Rebecca Thorman's blog post about how social media doesn't create a new generation of leaders remains embedded in my mind as prophetic beacon of how all of this online networking may not be getting us as far along as we'd like. Two magazines I've recently read prove she's right.

In last month's Wired Magazine, Tim Harford explains why new technological tools, which intend to eliminate the importance of geography when it comes to collaboration, actually do just the opposite. As wonderful as email and wall posting are, it doesn't decrease our need for human interaction. Harford writes:

Business is more innovative, and its processes more complex. That demands tacit knowledge, collaboration, and trust – all things that seem to follow best from person-to-person meetings.

In other words, if you're going to do work, you may need to meet people in person. As Harford correctly points out, business travel isn't dying out, and air travel is at record highs.

Likewise, two items of note jump out in this month's Fast Company (which is the best magazine you could be reading if you want to know anything about anything). We'll start at the end.

Rob Walker's back page column points out how online marketing may not live up to the hype. Even with Facebook's Beacon advertising and marketing program, a targeted market may be elusive. Sure, lots of folks are sharing information on their profile, but perhaps they're omitting what it is they really need, thus leaving advertisers in the lurch. And that's if you’re lucky; some folks might lie on their profile outright.

Secondly, an excerpt from Richard Florida's new book is a perfect compliment to Harford's article, in that he also highlights the importance of geography in today's global economy. He departs from Thomas Friedman's groundbreaking theory that the world is flat and instead suggests a spiky world, where peaks of innovation are cropping up in selected areas. Even if similar types of folks link themselves digitally by being 'friends,' Florida points out the importance of linking via geographical proximity:

Geographic concentration encourages innovation because ideas flow more freely, are honed more sharply, and can be put into practice more quickly when innovators, implementers and financial backers are in constant contact. Creative people cluster not simply because they like to be around one another or prefer cosmopolitan centers with lots of amenities (though both things tend to be true). They cluster because density brings such powerful productivity advantages, economies of scale, and knowledge spillovers.

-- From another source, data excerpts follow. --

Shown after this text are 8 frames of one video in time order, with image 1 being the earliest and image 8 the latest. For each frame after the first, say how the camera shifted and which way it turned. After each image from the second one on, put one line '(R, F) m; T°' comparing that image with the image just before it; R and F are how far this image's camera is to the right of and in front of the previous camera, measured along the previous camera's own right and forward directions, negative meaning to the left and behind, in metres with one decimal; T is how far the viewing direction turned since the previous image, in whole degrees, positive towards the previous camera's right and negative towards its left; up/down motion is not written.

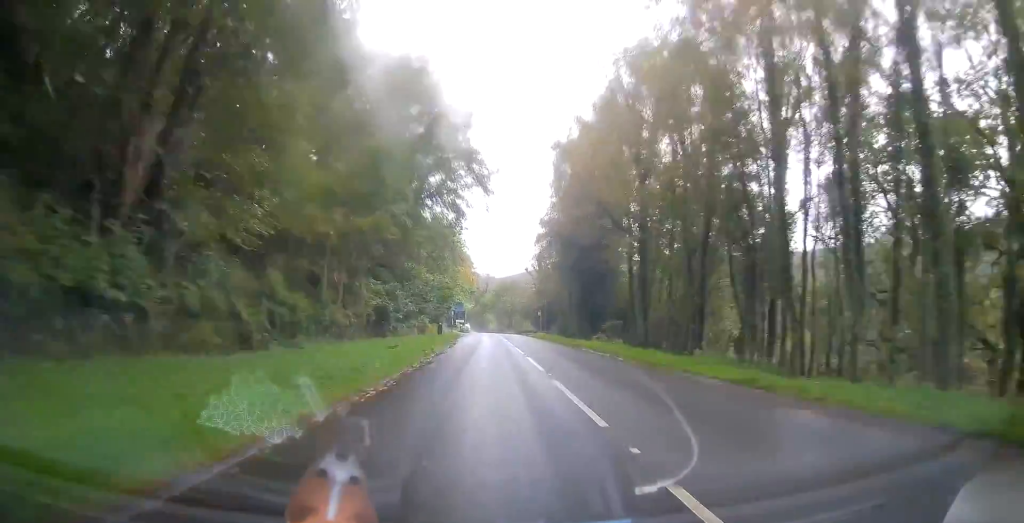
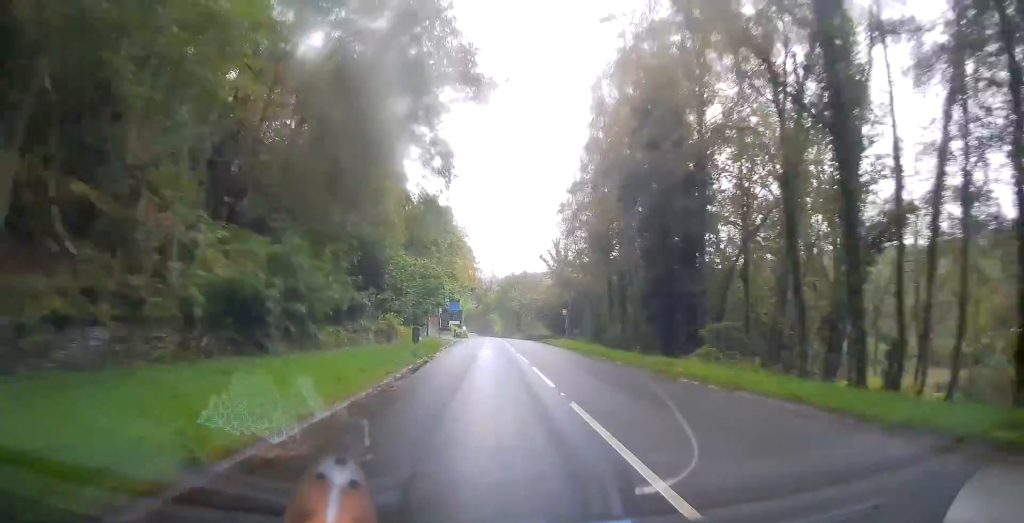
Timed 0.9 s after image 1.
(+0.1, +21.7) m; +1°
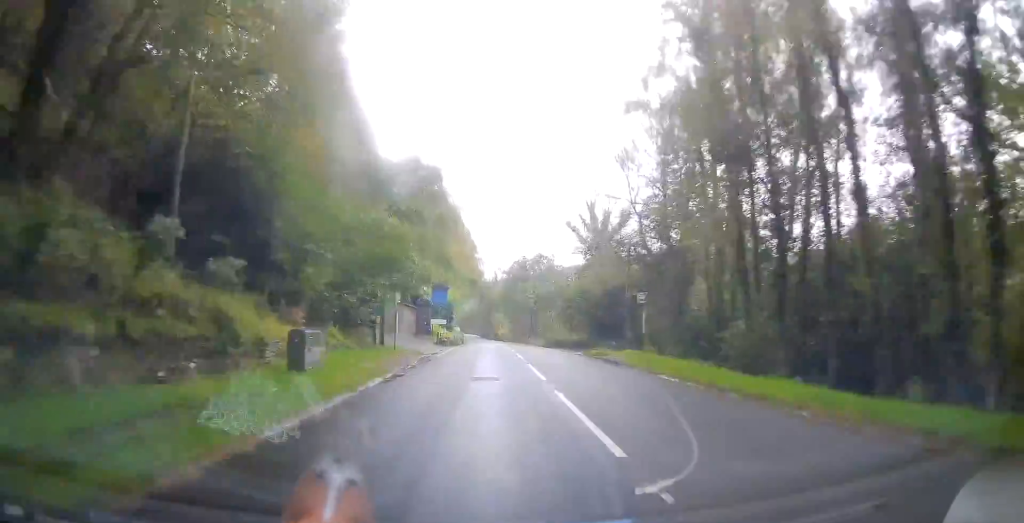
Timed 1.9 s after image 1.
(+0.3, +24.8) m; 0°
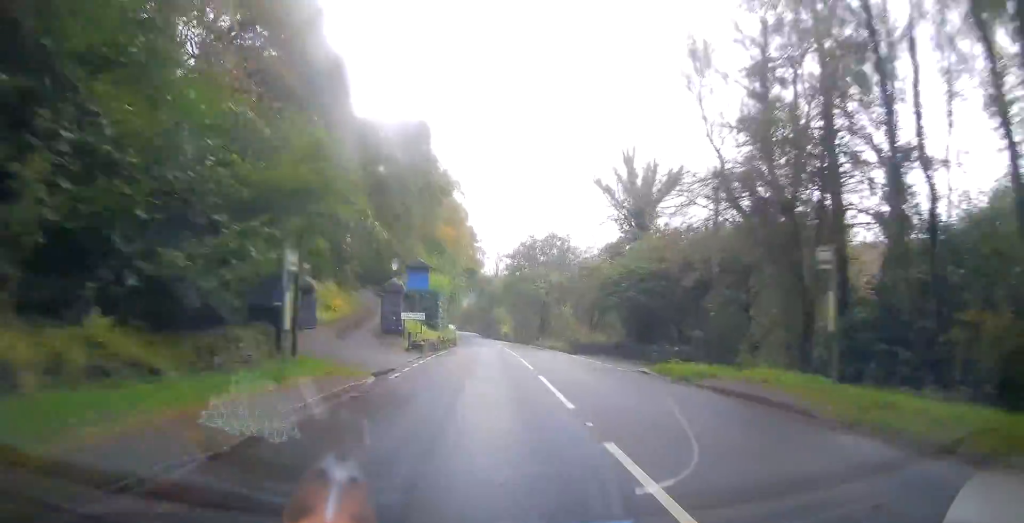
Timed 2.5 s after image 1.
(-0.1, +14.5) m; -1°
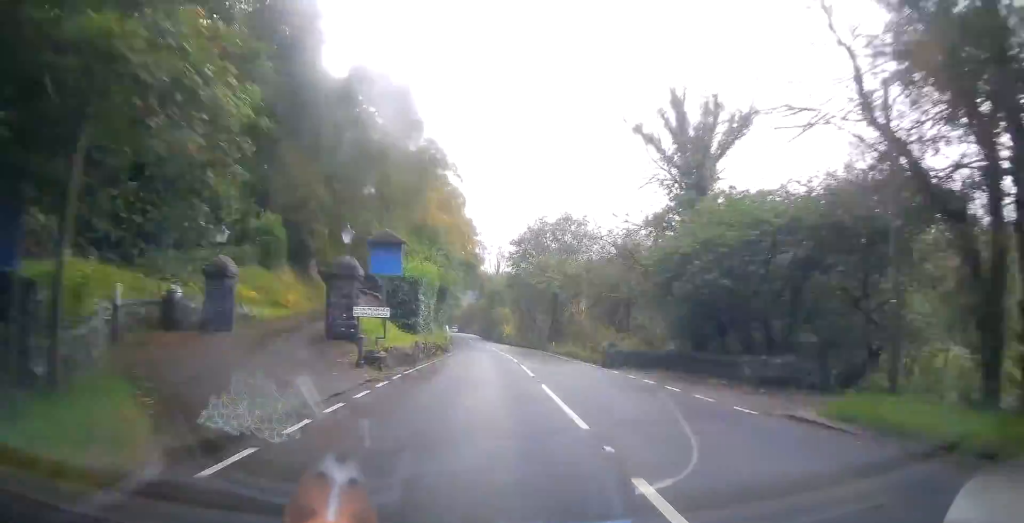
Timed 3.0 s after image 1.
(0.0, +10.5) m; -1°
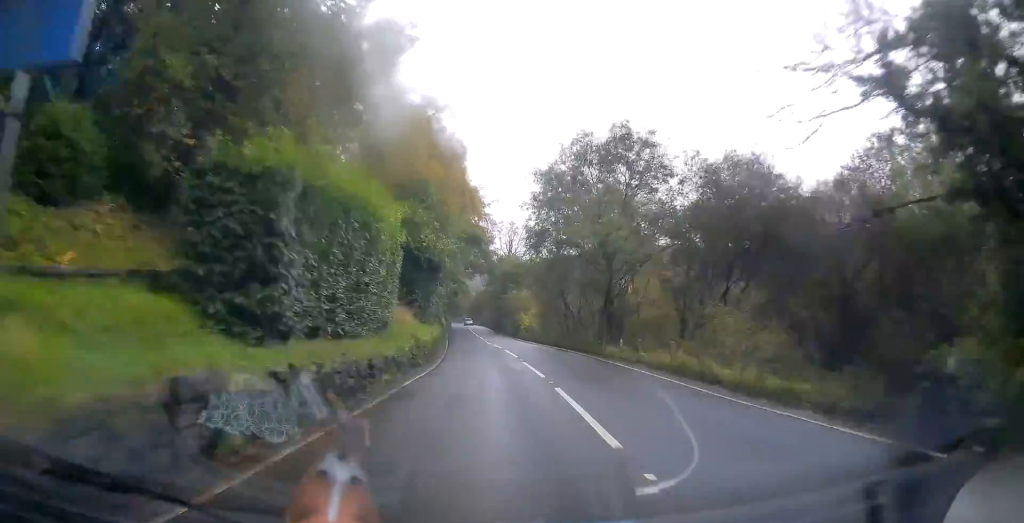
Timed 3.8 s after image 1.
(-0.3, +19.4) m; 0°
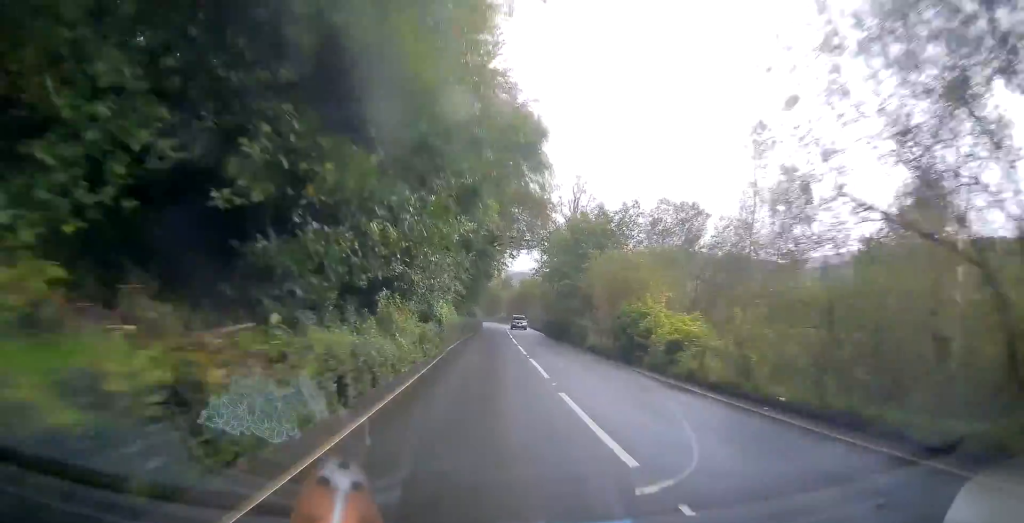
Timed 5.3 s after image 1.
(0.0, +36.9) m; -2°
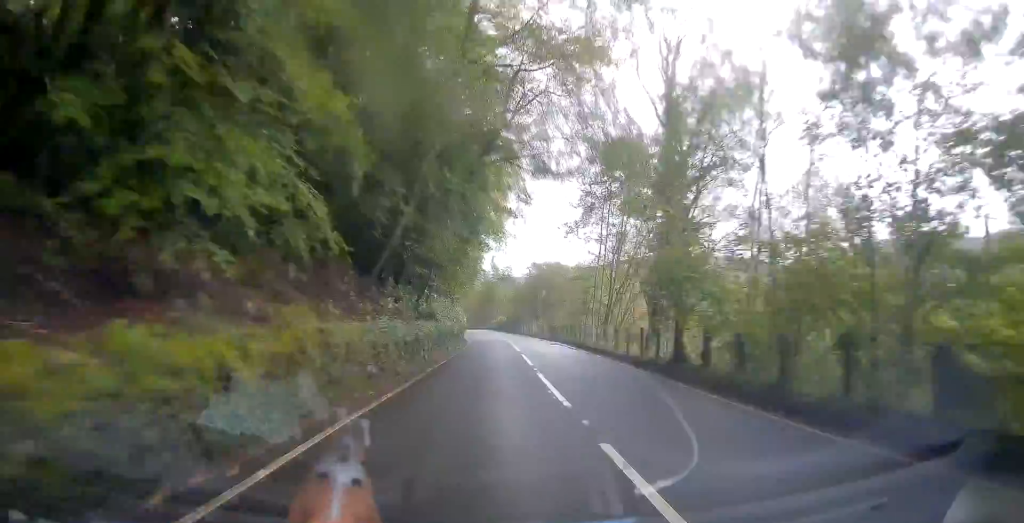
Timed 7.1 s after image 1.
(-1.8, +41.3) m; -2°

So perhaps all of this technological innovation isn't taking us as far as we think it is. Maybe it's just a better way to play Scrabble.

As someone who runs a digital property, I'm constantly looking for what all this means for CoolPeopleCare and our mission to enable people to change the world. Yeah – we've got the Facebook fan page, we've got the MySpace profile, we Twitter and we blog. But why do we do all this, especially when we believe in the power of the offline community so much and that change happens best face to face?

Because we have to be where people are. And people now gather online. Even if the ultimate action we're soliciting is one of offline, real world, or analog behavior, the doorway into people's minds is a digital one.

So by all means use social media and use it well – but don't expect it to save the world in an instant. Countless individuals are finding that social networks could lead to social fragmenting. Rebecca's found that social networks don't create new leaders. Even if there is a digital doorway, the pathway to change has to still be traversed with two very real feet.